Comment 27 Zoltan Hidvegi 2007-07-18 09:00:39 UTC
I've recently upgraded to 2.6.21.6 (Debian/unstable kernel) (from 2.6.18) on my X60, and the problem is back.  My hardware is X60 with 945GM chipset.  I've also upgraded to version 2.1.0 xserver-xorg-video-intel driver, but I was upgrading the kernel and the driver more or less the same time, I'm not sure what effect that had.  With 2.6.18 and the old i810 video driver, I got slow but steady ping with around 20ms roundtrip times.  Now it's back to alternating 1000ms / 0.5ms when pinged from a remote host.
Comment 28 gagarine 2007-10-12 02:02:11 UTC
With kernel 2.6.22 (Gusty) I have slow ping too with a fresh install.

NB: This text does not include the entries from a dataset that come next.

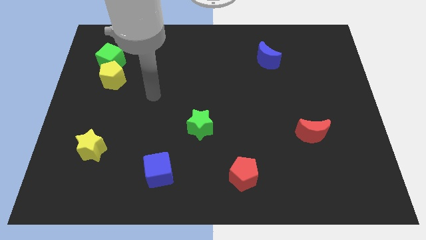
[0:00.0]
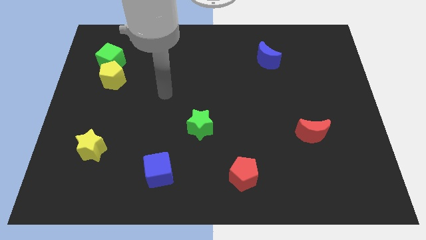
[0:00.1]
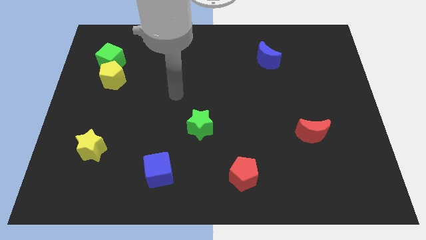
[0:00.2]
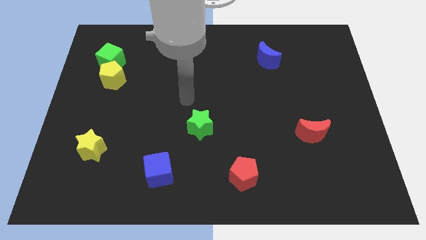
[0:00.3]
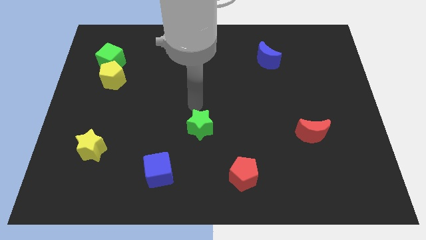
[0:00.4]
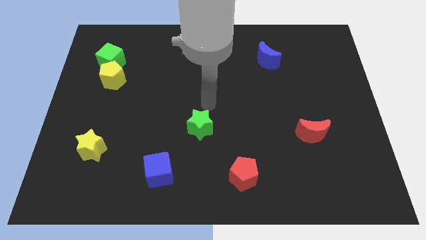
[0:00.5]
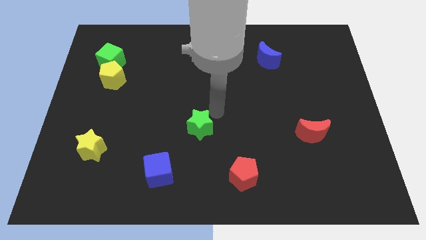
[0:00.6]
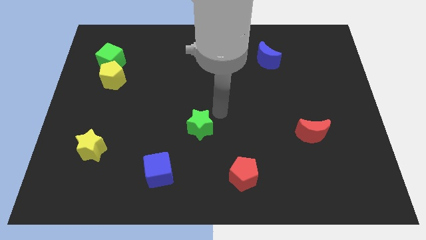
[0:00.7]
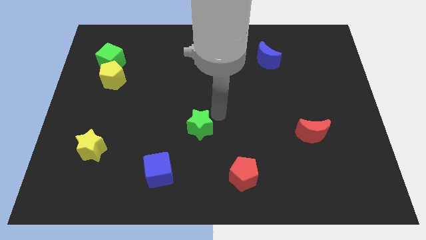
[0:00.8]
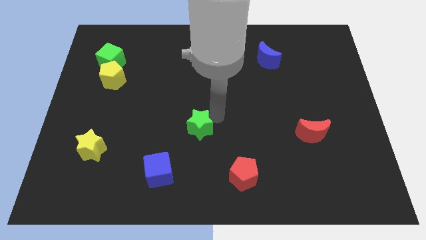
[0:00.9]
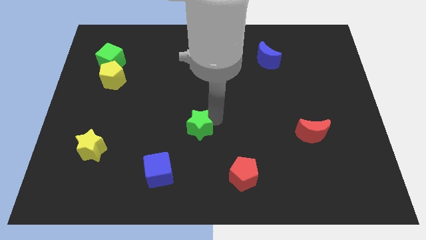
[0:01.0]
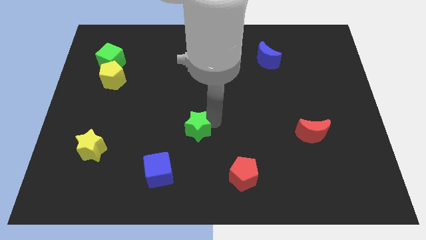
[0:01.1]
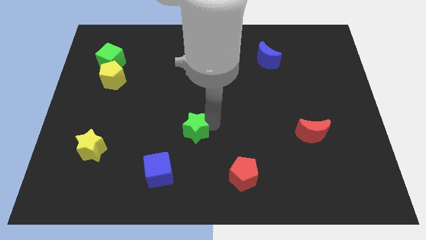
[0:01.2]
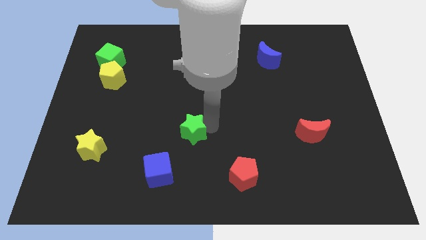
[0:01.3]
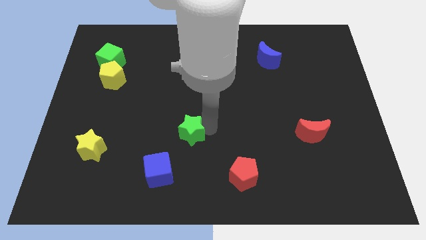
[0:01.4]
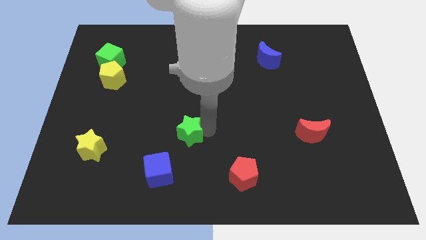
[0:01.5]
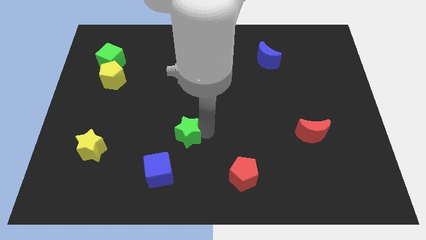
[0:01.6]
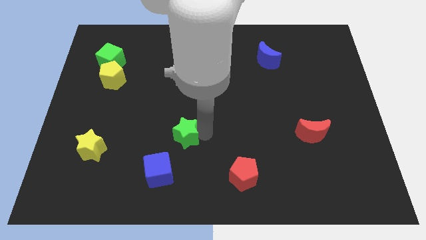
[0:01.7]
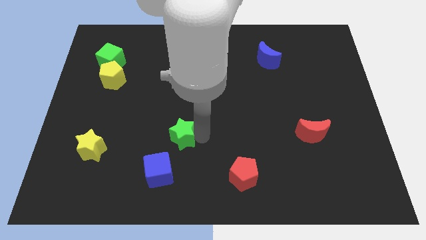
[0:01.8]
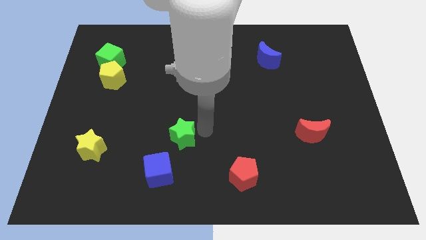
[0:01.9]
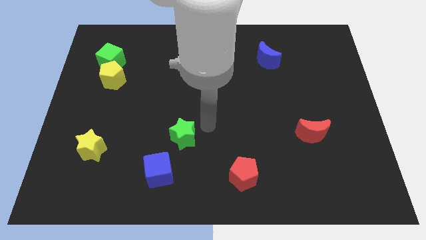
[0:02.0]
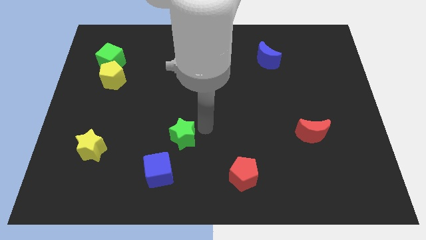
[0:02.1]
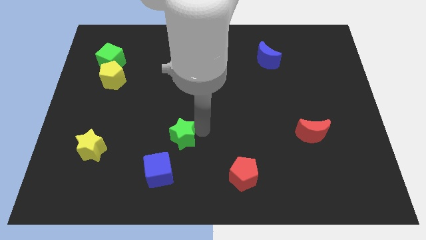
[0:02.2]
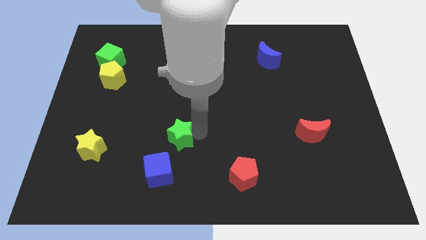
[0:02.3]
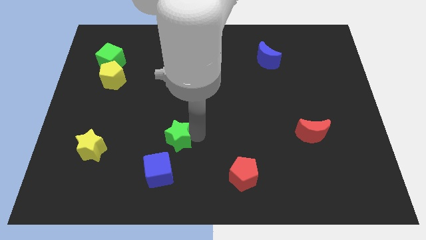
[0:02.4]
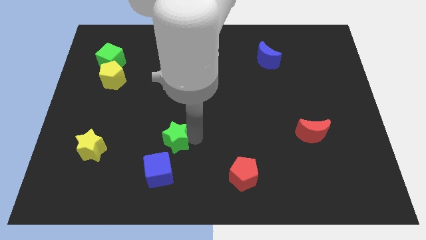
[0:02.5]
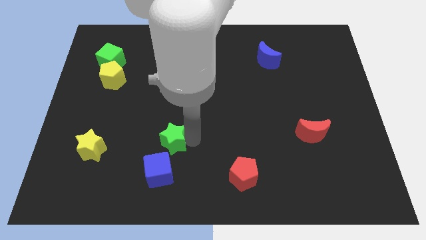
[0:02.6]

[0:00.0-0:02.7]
move the green star a bit downwards and left diagonally

Comment 29 Nikolay Ulyanitsky 2007-10-31 08:32:36 UTC
X60
Fedora 7
Kernel 2.6.23.1 from updates
Bios v2.12
Bug not fixed.

RxIntDelay=8 fix the problem
Comment 30 Auke Kok 2007-11-13 10:49:17 UTC
The final fix (disabling L1 ASPM completely) was merged in jgarzik/netdev-2.6 #upstream as of this week.

please test and confirm. I'll set this bug to close.